I've never seen this done before. Is there a compelling reason to be able to do this?


But if you really want to do this...

This operation is different enough that I think it should have its own "schema-update" endpoint. Maybe something of the form:

http://myserver.com/schemaManagement/(maybe optional schema version number?)/update/$objectType/$operation/$newAttribute

So adding the phoneNumber to person might involve a POST to http://myserver.com/schemaManagement/current/update/person/add/phoneNumber and the content of the message could include details about the datatype being added, whether or not is is optional (and if not, what default value to use), authorisation tokens, etc...

Removing an attribute might look like:

http://myserver.com/schemaManagement/current/update/person/remove/faxNumber

I'm not a REST expert but this seems to me to be a pretty intuitive and easy-to-manage way to handle something like this.

  • I totally agree re: authorization and change tracking. We have those things nailed down. In order: 1. Why? We are building a system for analysts to create, store and update arbitrary datasets. These have a structure that changes from year to year. New ones are added and the analysts want to be able to add and change them. 2. The clients are the same analysts (this is an in-house system), using ETL tools; they expect the change. 3. Stored in a JSON document-based backend with complex schema-specific revisioning. 4. Yes, but this will be easier than our present approach. – user92338 Jan 3 '17 at 22:30
  • That said, I'm not saying this is the best idea, just that it is presently a requirement. – user92338 Jan 3 '17 at 22:31
  • @Stew: I've added an update that I think might help. – FrustratedWithFormsDesigner Jan 3 '17 at 22:38
0

If there is a possibility to change a schema remotely, then there must also be a mechanism for clients to retrieve the current schema.
If you combine that with a REST interface, then it becomes fairly logical to make the schema itself also a REST resource.

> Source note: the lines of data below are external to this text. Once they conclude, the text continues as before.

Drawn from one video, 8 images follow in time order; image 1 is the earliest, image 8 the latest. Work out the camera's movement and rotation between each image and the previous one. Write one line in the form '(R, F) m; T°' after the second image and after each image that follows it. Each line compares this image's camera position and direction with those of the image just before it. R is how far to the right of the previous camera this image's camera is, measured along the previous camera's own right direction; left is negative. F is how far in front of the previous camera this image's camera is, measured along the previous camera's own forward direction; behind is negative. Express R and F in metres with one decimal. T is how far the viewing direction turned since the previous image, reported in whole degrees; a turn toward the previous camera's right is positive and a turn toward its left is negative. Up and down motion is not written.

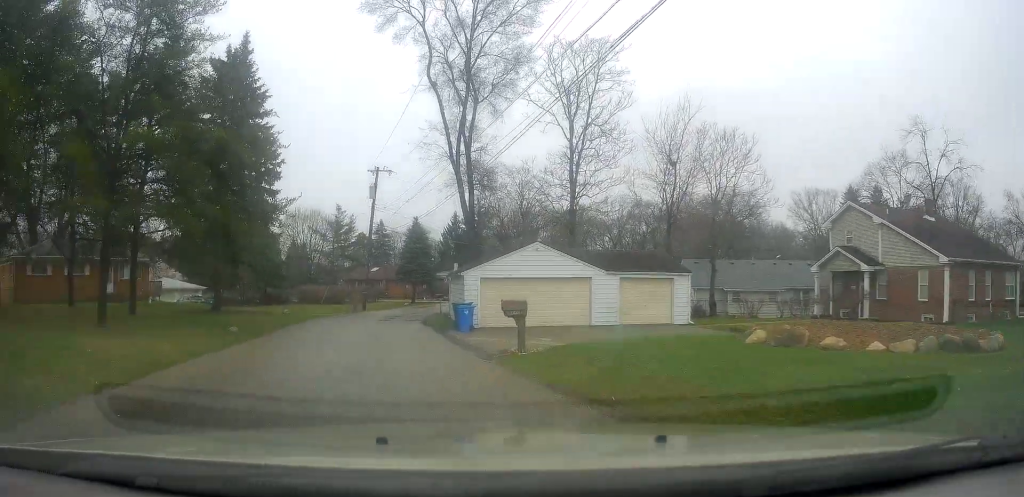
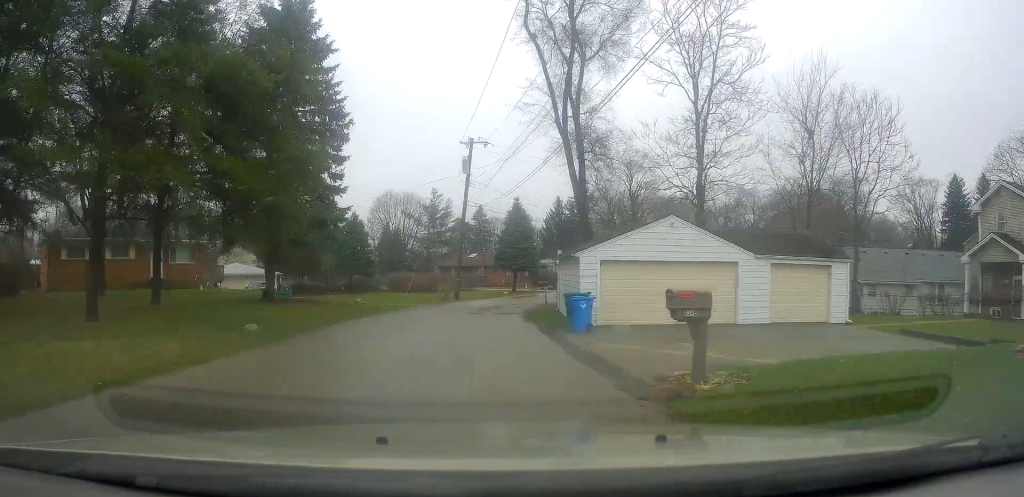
(-0.5, +5.6) m; -9°
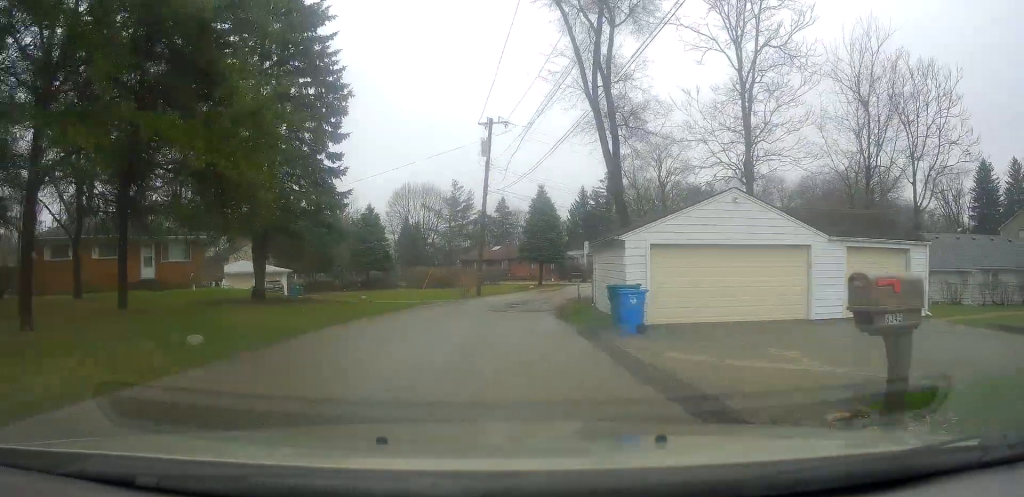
(-0.1, +3.4) m; -5°
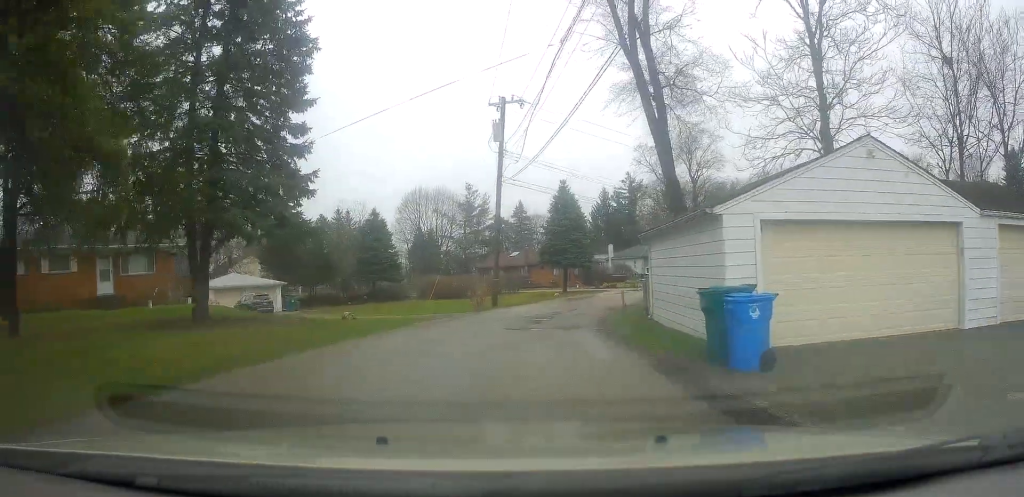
(-0.4, +5.7) m; -4°
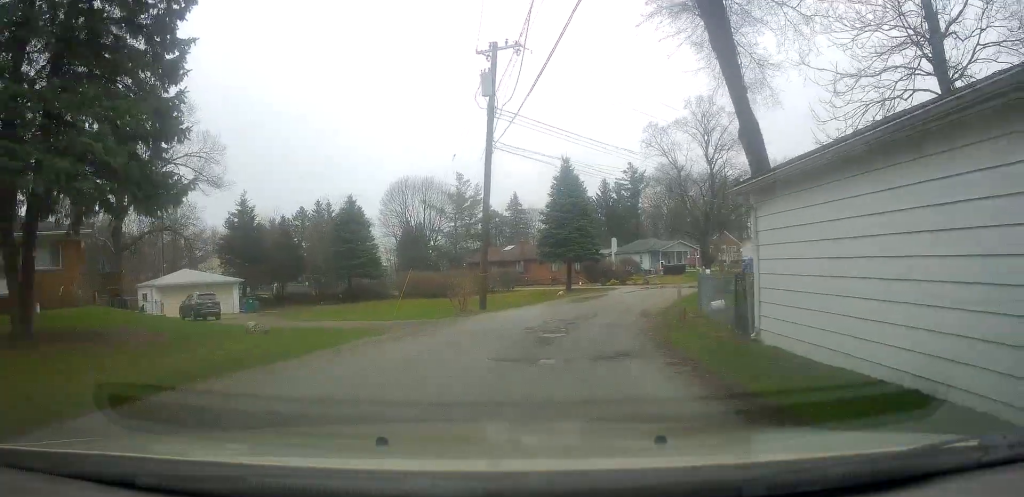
(-0.1, +7.1) m; +2°
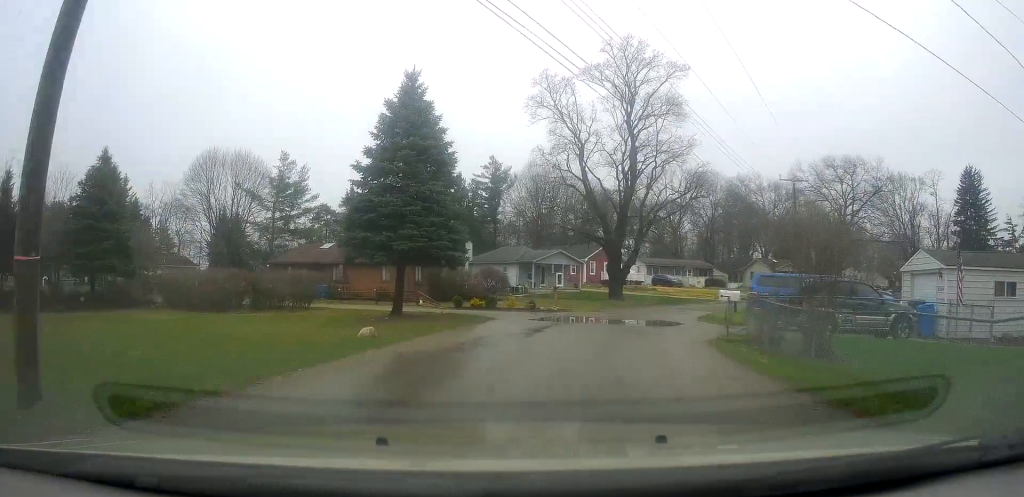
(+2.5, +19.6) m; +13°
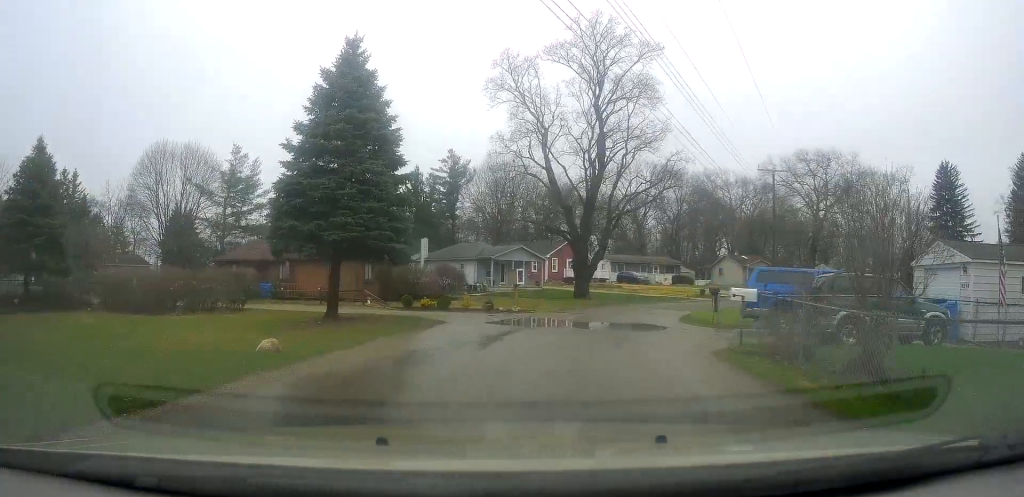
(0.0, +3.3) m; +3°
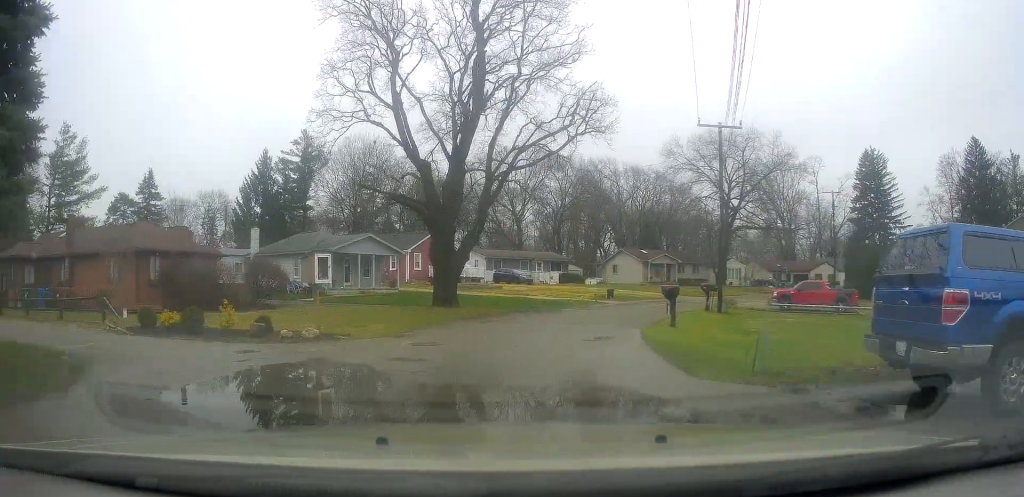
(+1.5, +12.7) m; +14°

This would mean that you would retrieve the current schema for the user resource with

GET http://example.com/api/schemas/user

and you change the schema with

PUT http://example.com/api/schemas/user

and other resources with a schema similarly. The resource targeted by the schema becomes the key into the schemas collection.

0

How do you handle the updated schema in your Web service?

Using the approach in your question, you probably will have to update your backend code as well. So I do not think that changing/updating resource definitions via RESTful API is a good idea.

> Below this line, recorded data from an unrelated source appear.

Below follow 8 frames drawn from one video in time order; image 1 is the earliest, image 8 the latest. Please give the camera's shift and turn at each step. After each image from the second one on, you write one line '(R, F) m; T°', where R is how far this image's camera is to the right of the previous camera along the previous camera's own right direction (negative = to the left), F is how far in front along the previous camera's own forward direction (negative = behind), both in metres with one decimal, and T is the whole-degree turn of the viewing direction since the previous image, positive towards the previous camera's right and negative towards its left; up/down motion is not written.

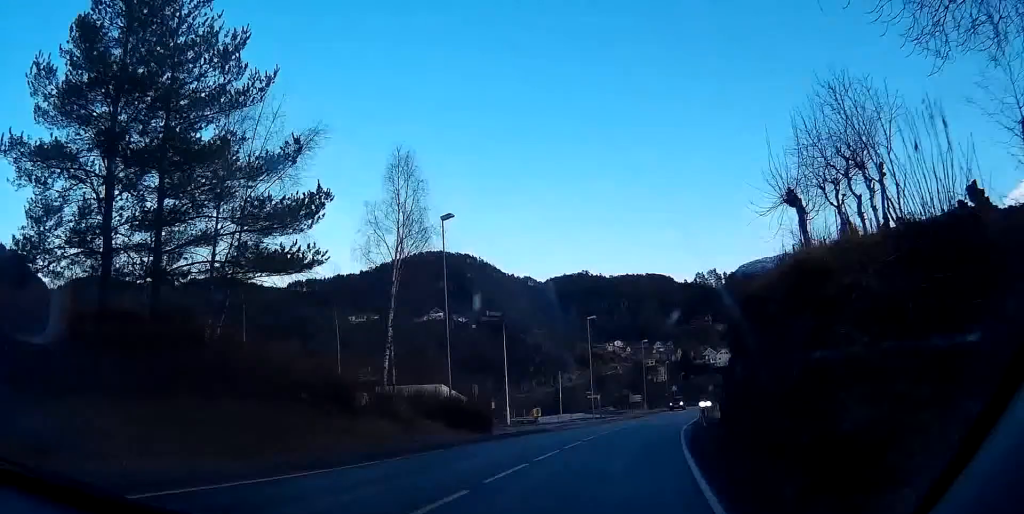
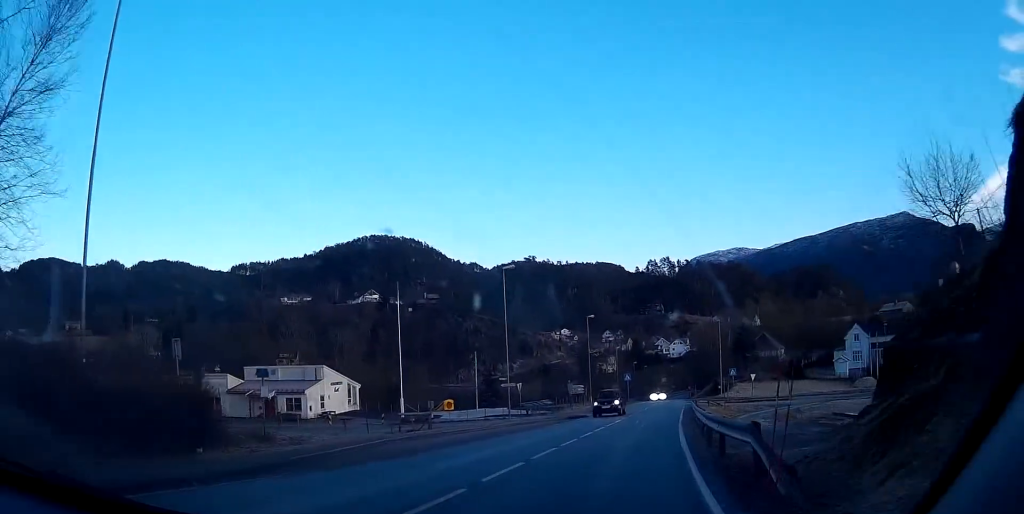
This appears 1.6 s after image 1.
(0.0, +23.6) m; +1°
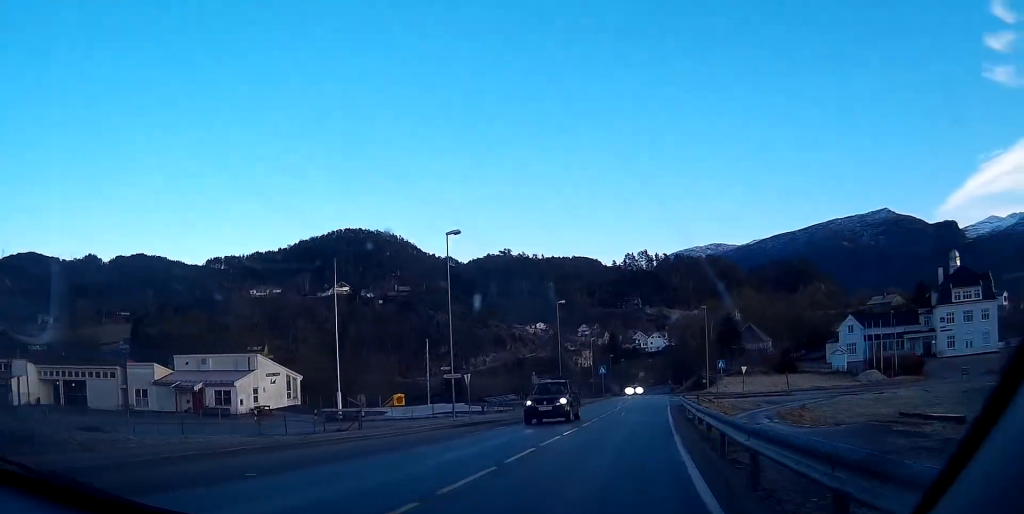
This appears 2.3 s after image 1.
(+0.1, +9.4) m; +2°
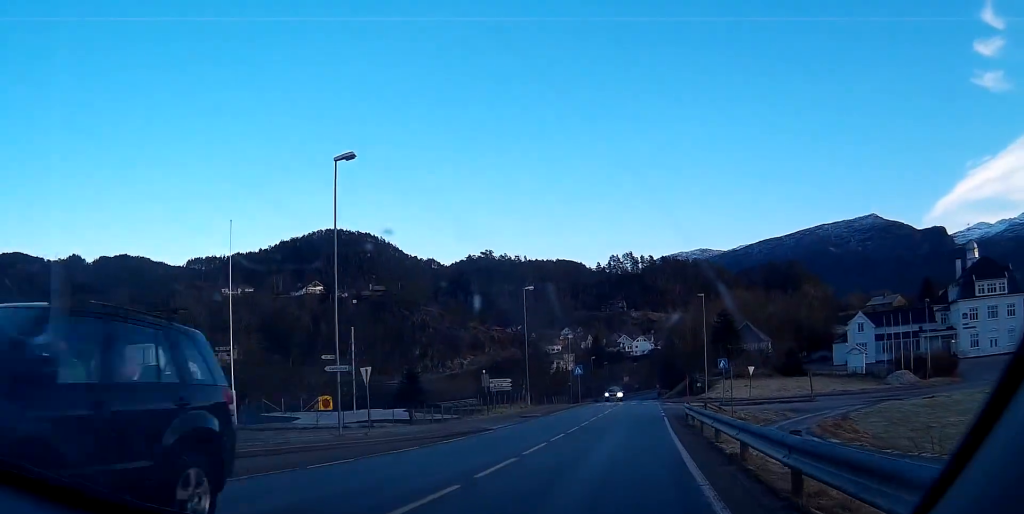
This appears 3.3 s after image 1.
(+0.5, +14.0) m; +5°
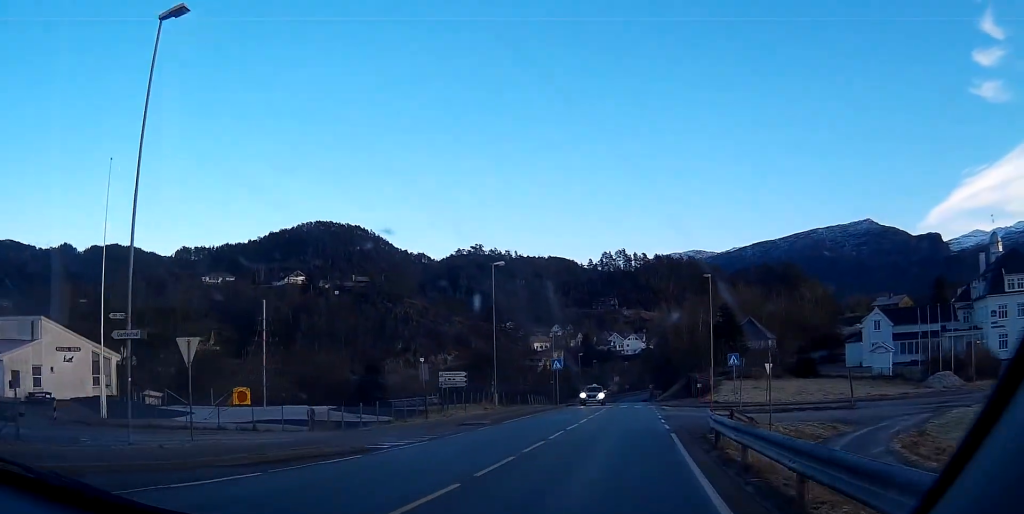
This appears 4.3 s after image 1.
(+0.5, +12.0) m; +3°
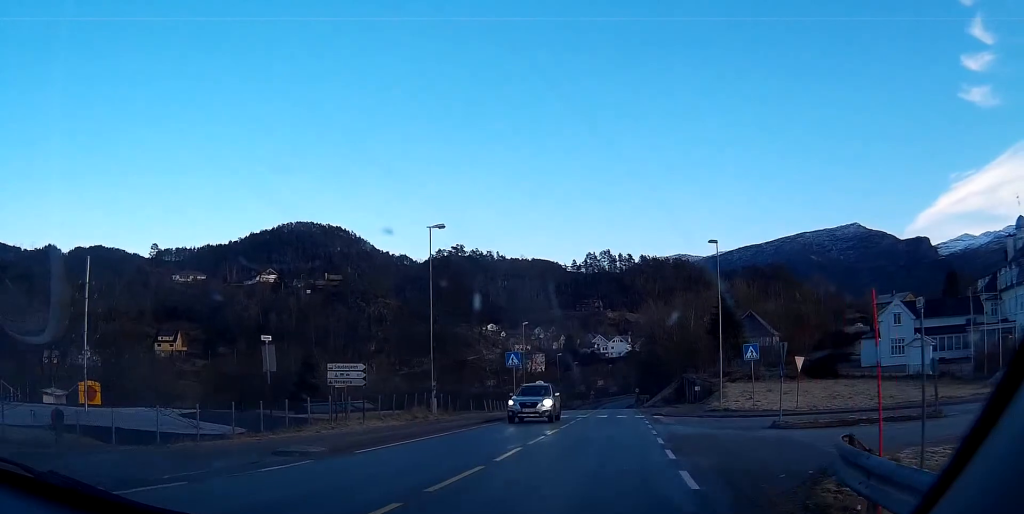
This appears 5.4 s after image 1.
(+0.2, +14.1) m; +1°
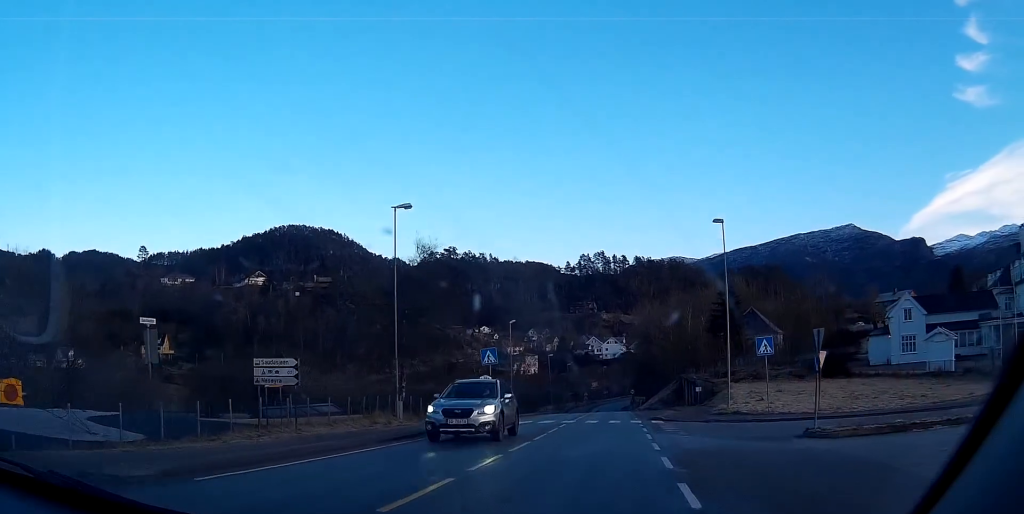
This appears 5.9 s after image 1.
(0.0, +5.7) m; 0°
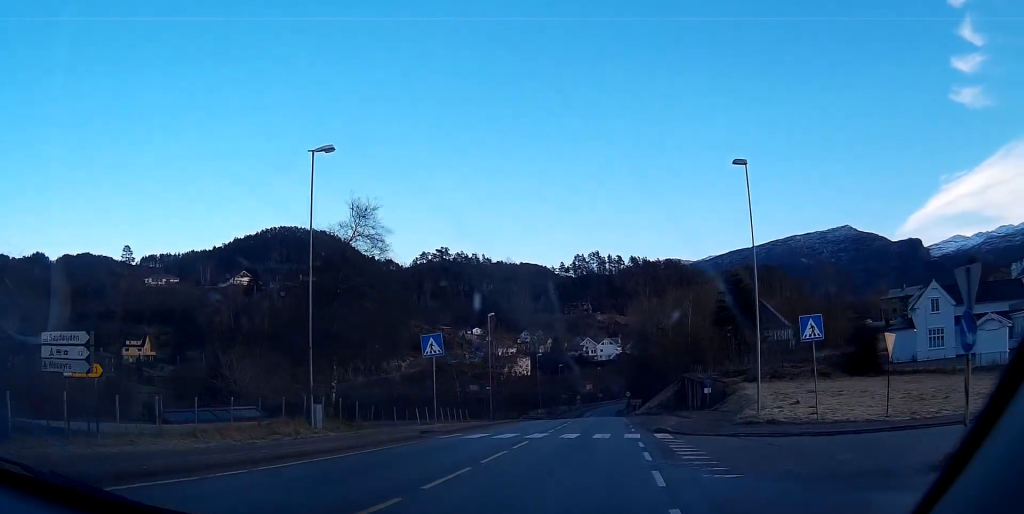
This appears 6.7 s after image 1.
(0.0, +9.9) m; 0°

If the backend is able to handle dynamic data, I would suggest to use a dynamic schema. A simple example could be a key/value list.

The JSON schema could be something like that:

{
  "$schema": "http://json-schema.org/draft-04/schema#",
  "type": "object",
  "additionalProperties": false,
  "properties": {
    "values": {
       "items": [{
        "properties": {
         "key": {
          "type": "string"
         },
         "value": {
          "type": "string"
         }
        },
        "type": "object"
       }],
       "type": "array"
      }
  },
  "required": [
    "values"
  ]
}

If your backend changes frequently, it could make sense adding an endpoint to GET an updated schema definition from the backend.

0

Well, you can try to accept JSONPatch documents when you do PATCH HTTP request.